Copyright © 2018 Ghulam Qadar Chaudhary et al. This is an open access article distributed under the Creative Commons Attribution License, which permits unrestricted use, distribution, and reproduction in any medium, provided the original work is properly cited.

Abstract

The current study presents a numerical and real-time performance analysis of a parabolic trough collector (PTC) system designed for solar air-conditioning applications. Initially, a thermodynamic model of PTC is developed using engineering equation solver (EES) having a capacity of around 3 kW. Then, an experimental PTC system setup is established with a concentration ratio of 9.93 using evacuated tube receivers. The experimental study is conducted under the climate of Taxila, Pakistan in accordance with ASHRAE 93-1986 standard.
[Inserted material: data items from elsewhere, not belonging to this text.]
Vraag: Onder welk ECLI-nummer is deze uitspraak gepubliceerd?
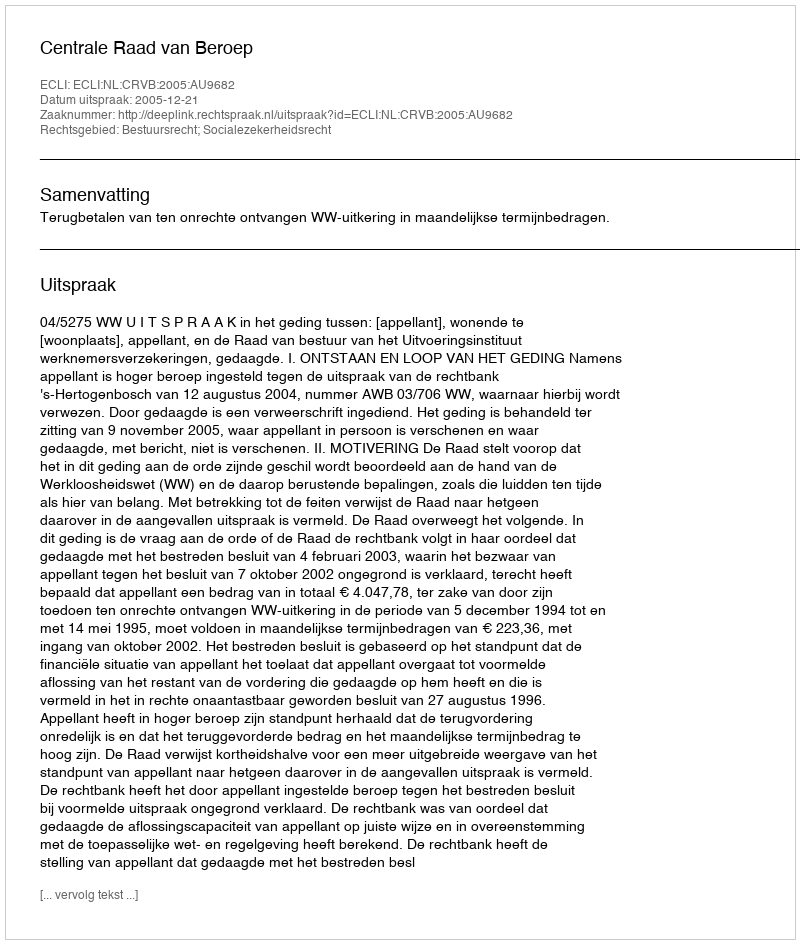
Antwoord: ECLI:NL:CRVB:2005:AU9682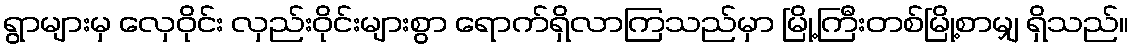
ရွာများမှ လှေဝိုင်း လှည်းဝိုင်းများစွာ ရောက်ရှိလာကြသည်မှာ မြို့ကြီးတစ်မြို့စာမျှ ရှိသည်။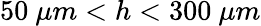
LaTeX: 50~\mu m<h<300~\mu m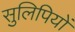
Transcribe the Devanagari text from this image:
सुलिपियों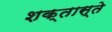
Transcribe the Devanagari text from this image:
शक्तास्ते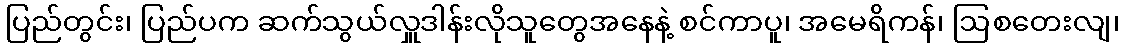
ပြည်တွင်း၊ ပြည်ပက ဆက်သွယ်လှူဒါန်းလိုသူတွေအနေနဲ့ စင်ကာပူ၊ အမေရိကန်၊ ဩစတေးလျ၊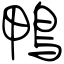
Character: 鴨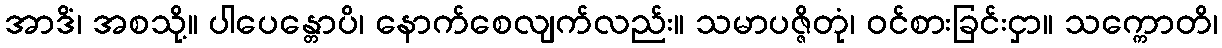
အာဒိံ၊ အစသို့။ ပါပေန္တောပိ၊ နောက်စေလျက်လည်း။ သမာပဇ္ဇိတုံ၊ ဝင်စားခြင်းငှာ။ သက္ကောတိ၊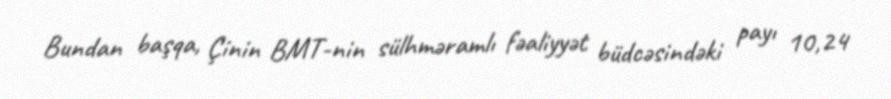
Bundan başqa, Çinin BMT-nin sülhməramlı fəaliyyət büdcəsindəki payı 10,24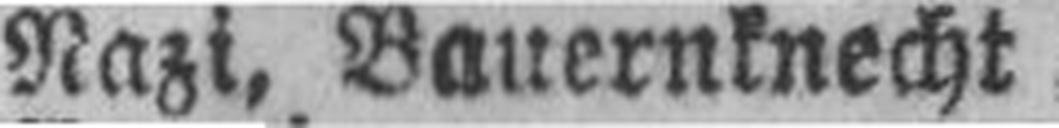
Nazi, Bauernknecht

Furthermore, PTC system is integrated with a solid desiccant dehumidifier (SDD) to study the effect of various operating parameters such as direct solar radiation and inlet fluid temperature and its impact on dehumidification share. The experimental maximum temperature gain is around 5.2°C, with the peak efficiency of 62% on a sunny day. Similarly, maximum thermal energy gain on sunny and cloudy days is 3.07 kW and 2.33 kW, respectively. Afterwards, same comprehensive EES model of PTC with some modifications is used for annual transient analysis in TRNSYS for five different climates of Pakistan. Quetta revealed peak solar insolation of 656 W/m2 and peak thermal energy 1139 MJ with 46% efficiency. The comparison shows good agreement between simulated and experimental results with root mean square error of around 9%.